» **Exercise directions**
Below is a listing with pictures in it. Copy it exactly without them.

» **Exercise data**
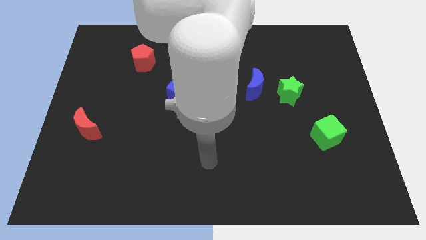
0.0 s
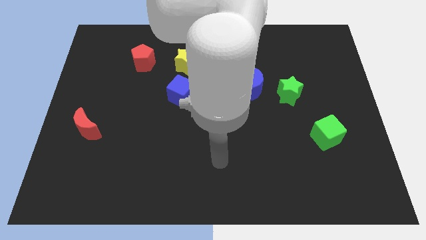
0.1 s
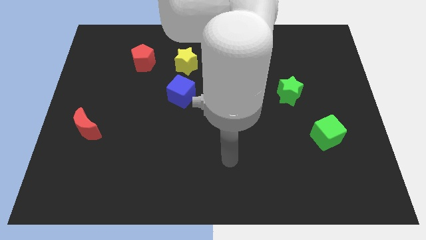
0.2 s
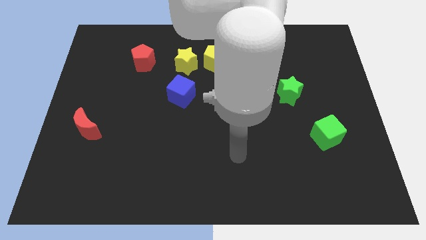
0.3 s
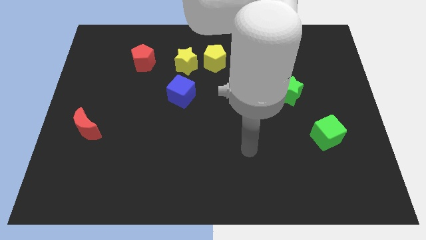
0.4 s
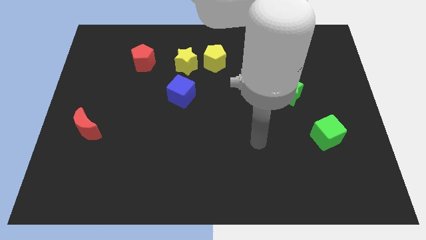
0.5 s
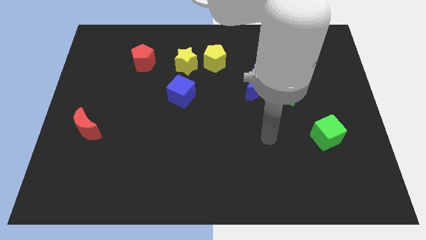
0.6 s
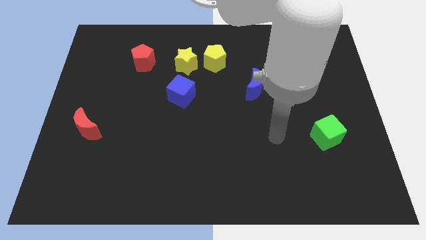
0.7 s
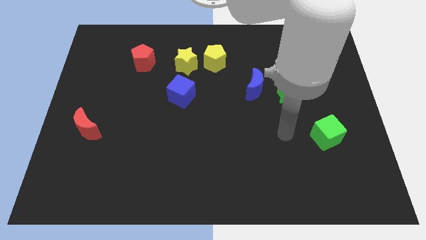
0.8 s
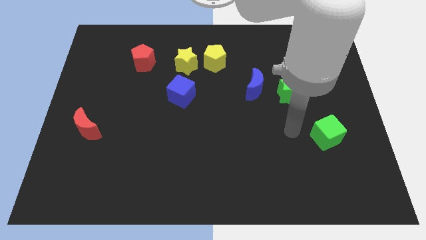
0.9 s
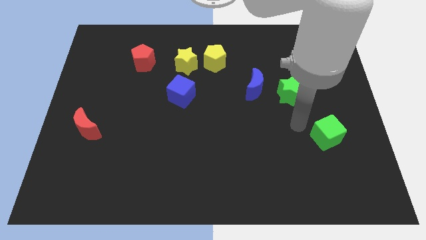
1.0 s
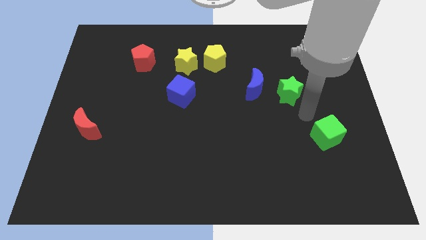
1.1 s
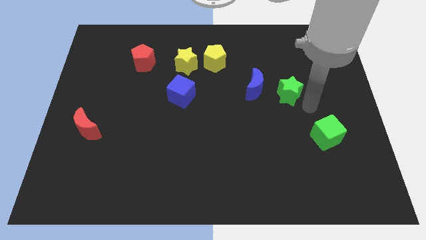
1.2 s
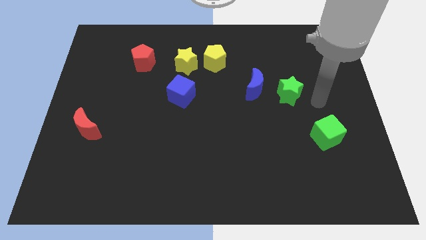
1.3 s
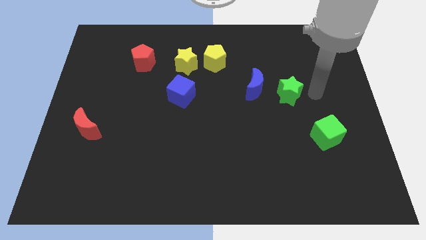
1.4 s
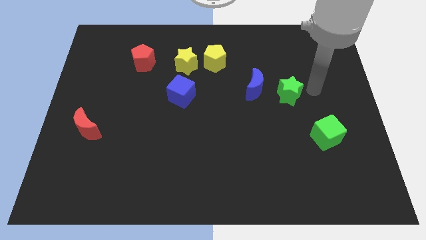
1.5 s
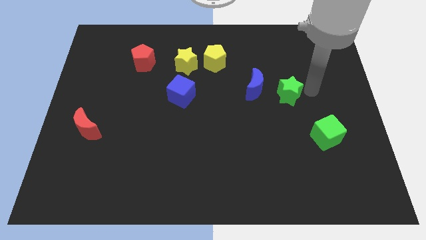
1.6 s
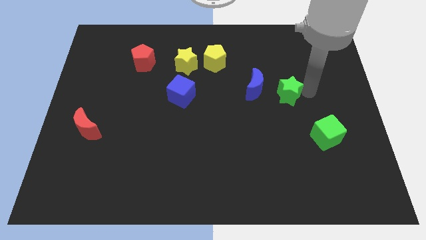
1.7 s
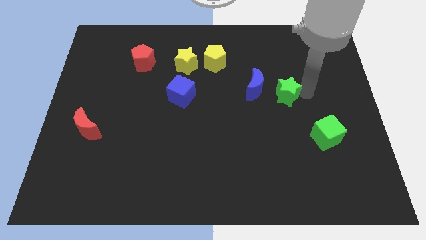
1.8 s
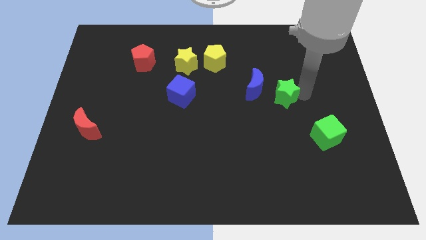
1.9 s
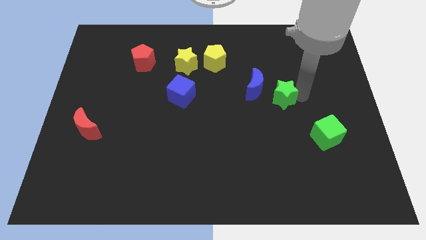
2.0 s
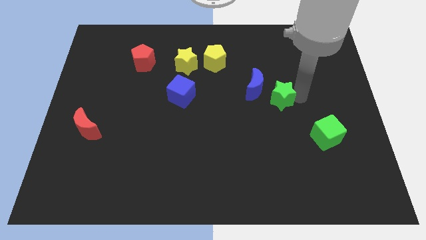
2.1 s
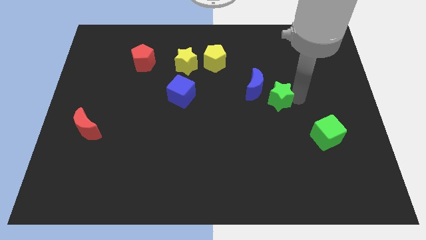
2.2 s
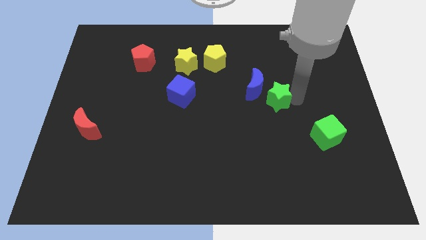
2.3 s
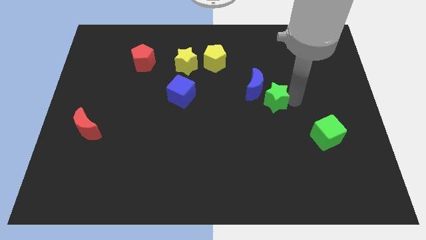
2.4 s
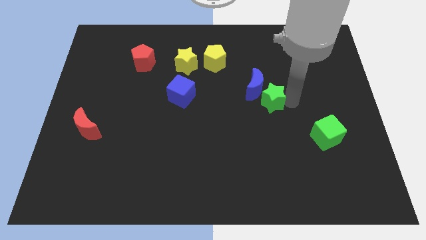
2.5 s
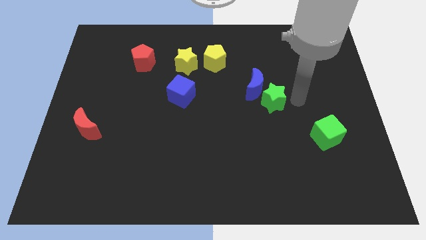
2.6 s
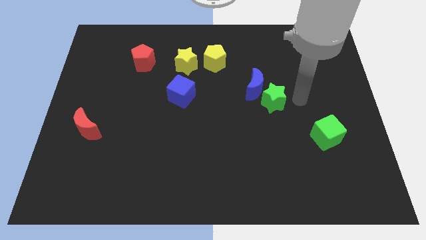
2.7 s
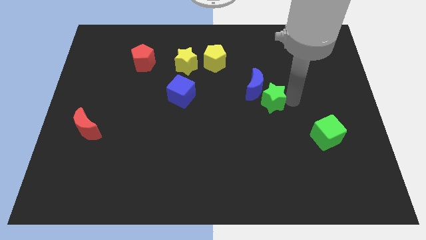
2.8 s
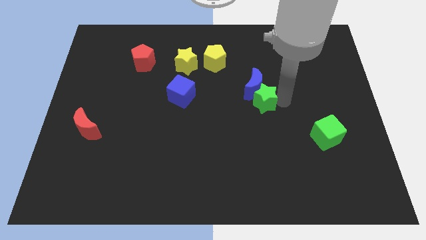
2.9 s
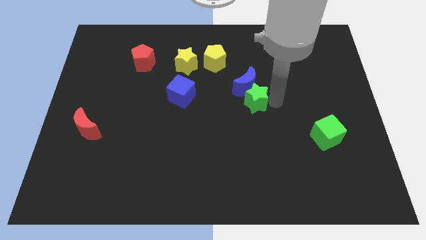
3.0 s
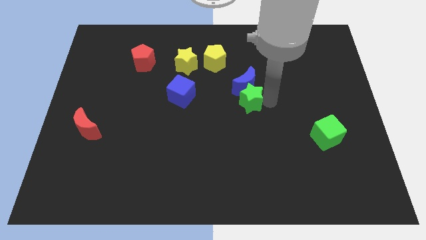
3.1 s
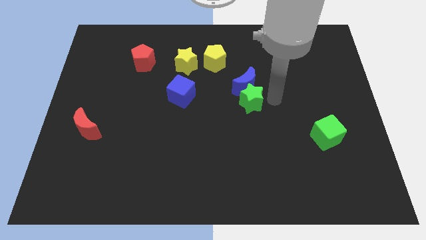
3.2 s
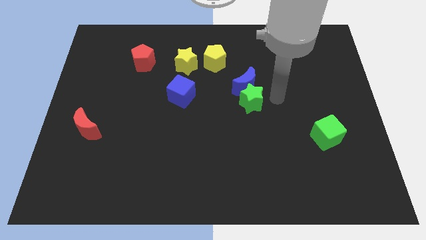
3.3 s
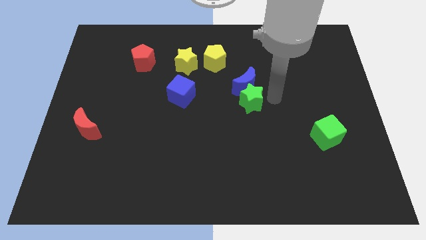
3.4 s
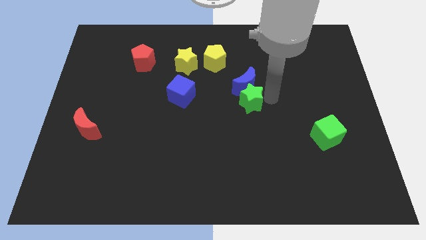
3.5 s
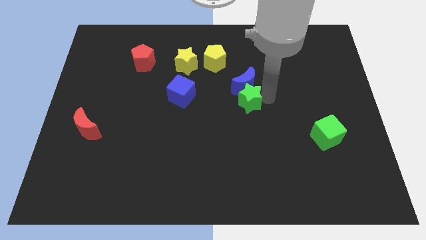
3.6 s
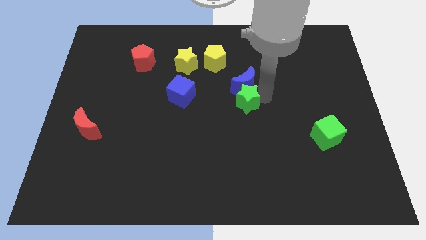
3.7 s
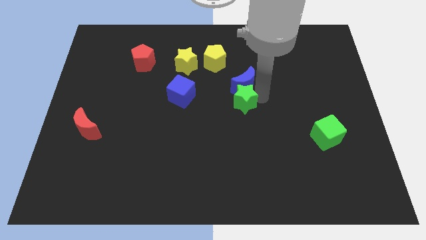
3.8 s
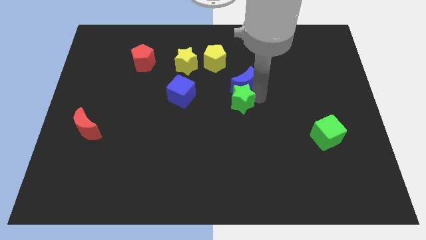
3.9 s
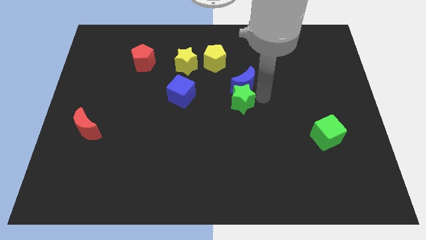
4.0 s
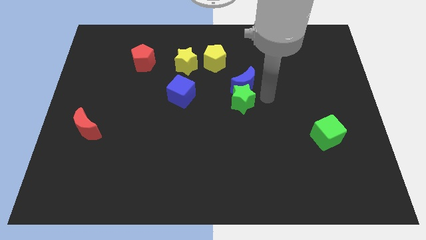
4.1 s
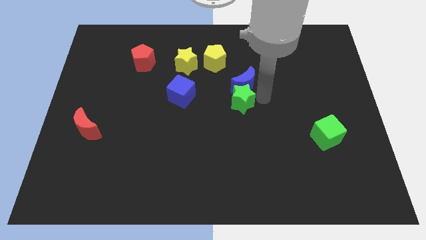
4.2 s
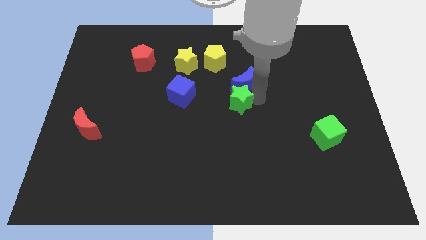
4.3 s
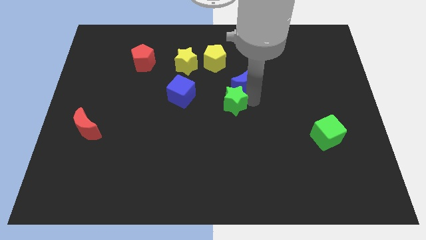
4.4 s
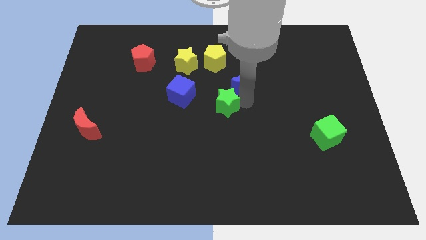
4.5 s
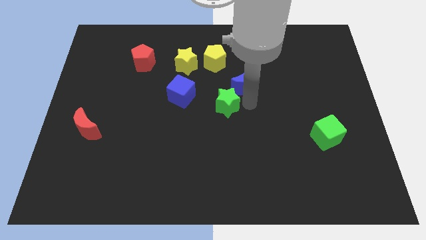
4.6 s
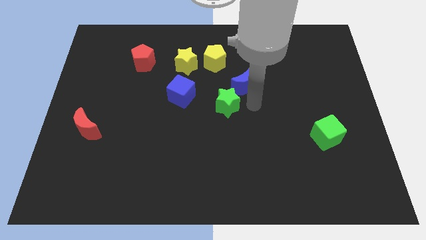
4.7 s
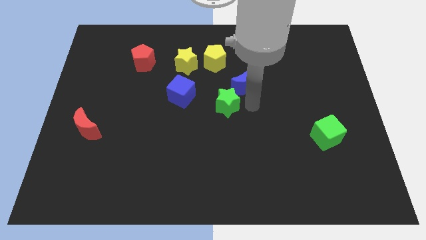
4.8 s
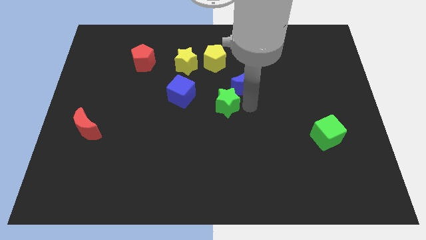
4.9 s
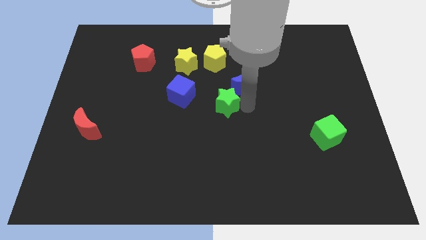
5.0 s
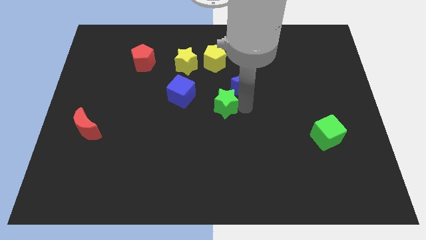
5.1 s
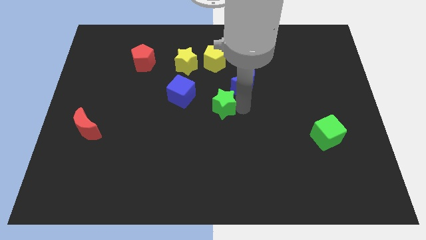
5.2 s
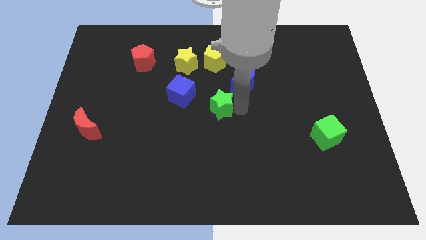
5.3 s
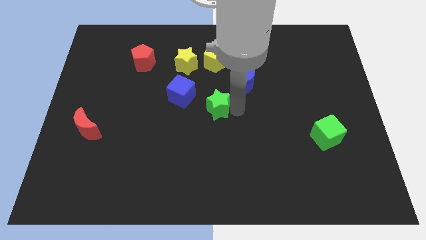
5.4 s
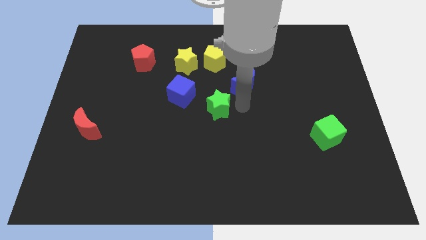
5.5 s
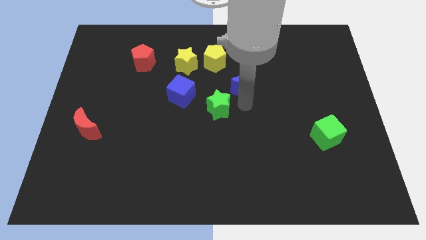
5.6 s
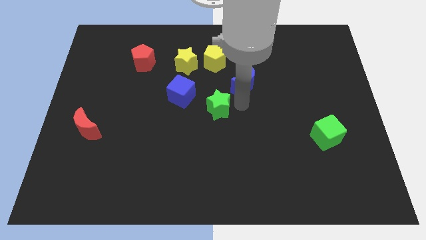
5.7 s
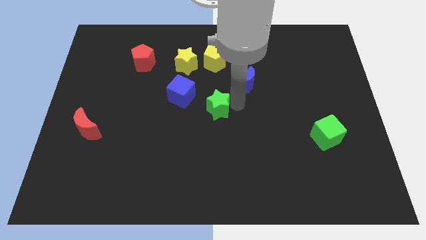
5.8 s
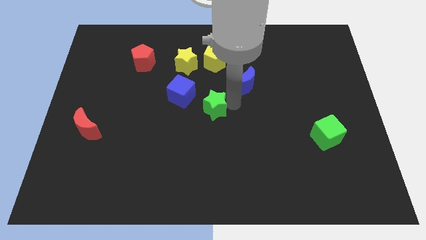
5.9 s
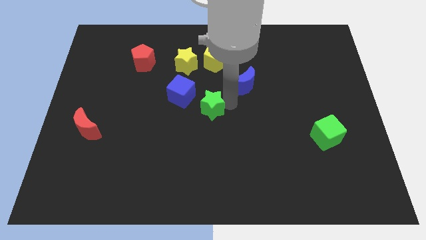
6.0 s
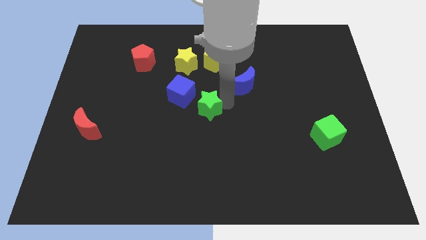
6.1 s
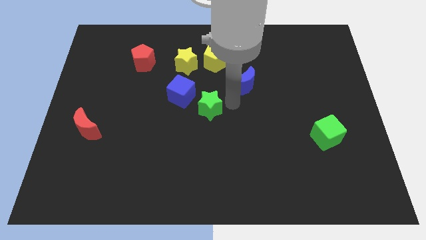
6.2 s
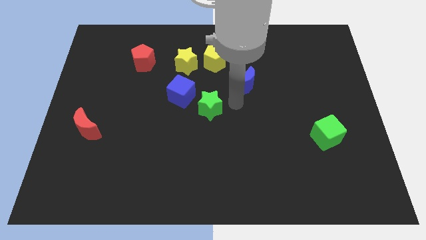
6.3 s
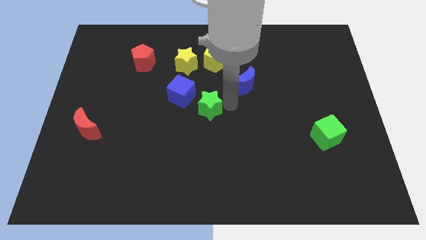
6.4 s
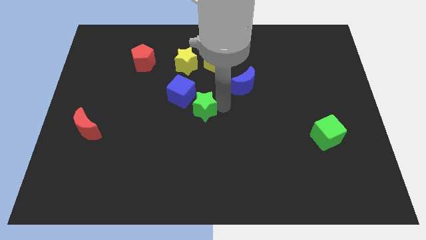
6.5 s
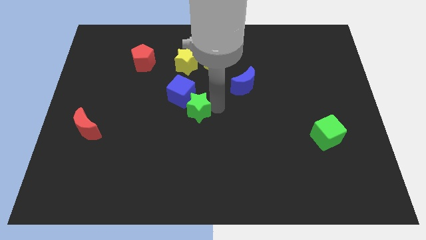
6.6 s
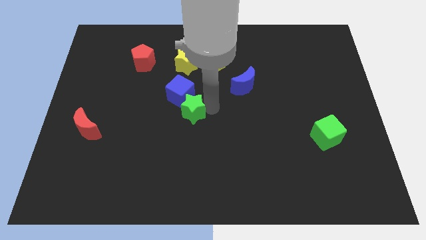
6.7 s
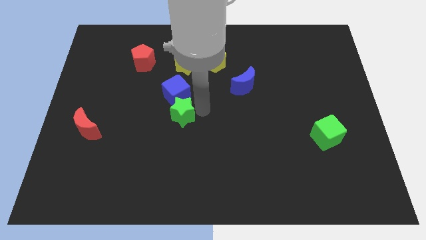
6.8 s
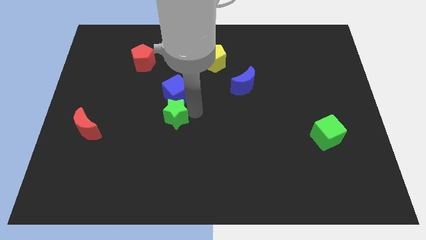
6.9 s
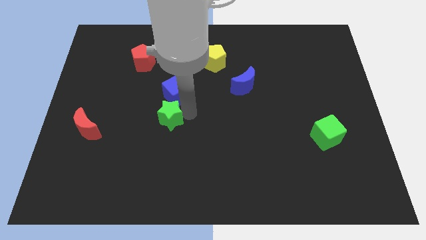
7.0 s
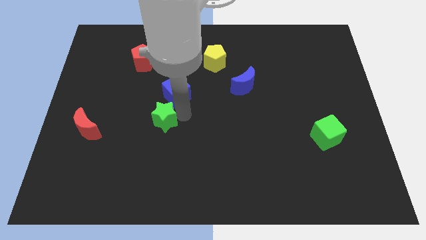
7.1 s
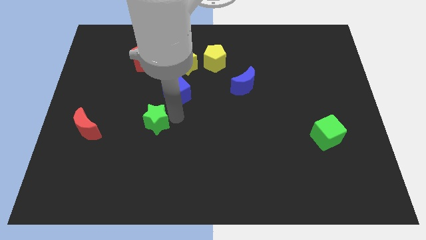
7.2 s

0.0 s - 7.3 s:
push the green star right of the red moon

» **Answer to this task**
0.0 s
0.1 s
0.2 s
0.3 s
0.4 s
0.5 s
0.6 s
0.7 s
0.8 s
0.9 s
1.0 s
1.1 s
1.2 s
1.3 s
1.4 s
1.5 s
1.6 s
1.7 s
1.8 s
1.9 s
2.0 s
2.1 s
2.2 s
2.3 s
2.4 s
2.5 s
2.6 s
2.7 s
2.8 s
2.9 s
3.0 s
3.1 s
3.2 s
3.3 s
3.4 s
3.5 s
3.6 s
3.7 s
3.8 s
3.9 s
4.0 s
4.1 s
4.2 s
4.3 s
4.4 s
4.5 s
4.6 s
4.7 s
4.8 s
4.9 s
5.0 s
5.1 s
5.2 s
5.3 s
5.4 s
5.5 s
5.6 s
5.7 s
5.8 s
5.9 s
6.0 s
6.1 s
6.2 s
6.3 s
6.4 s
6.5 s
6.6 s
6.7 s
6.8 s
6.9 s
7.0 s
7.1 s
7.2 s

0.0 s - 7.3 s:
push the green star right of the red moon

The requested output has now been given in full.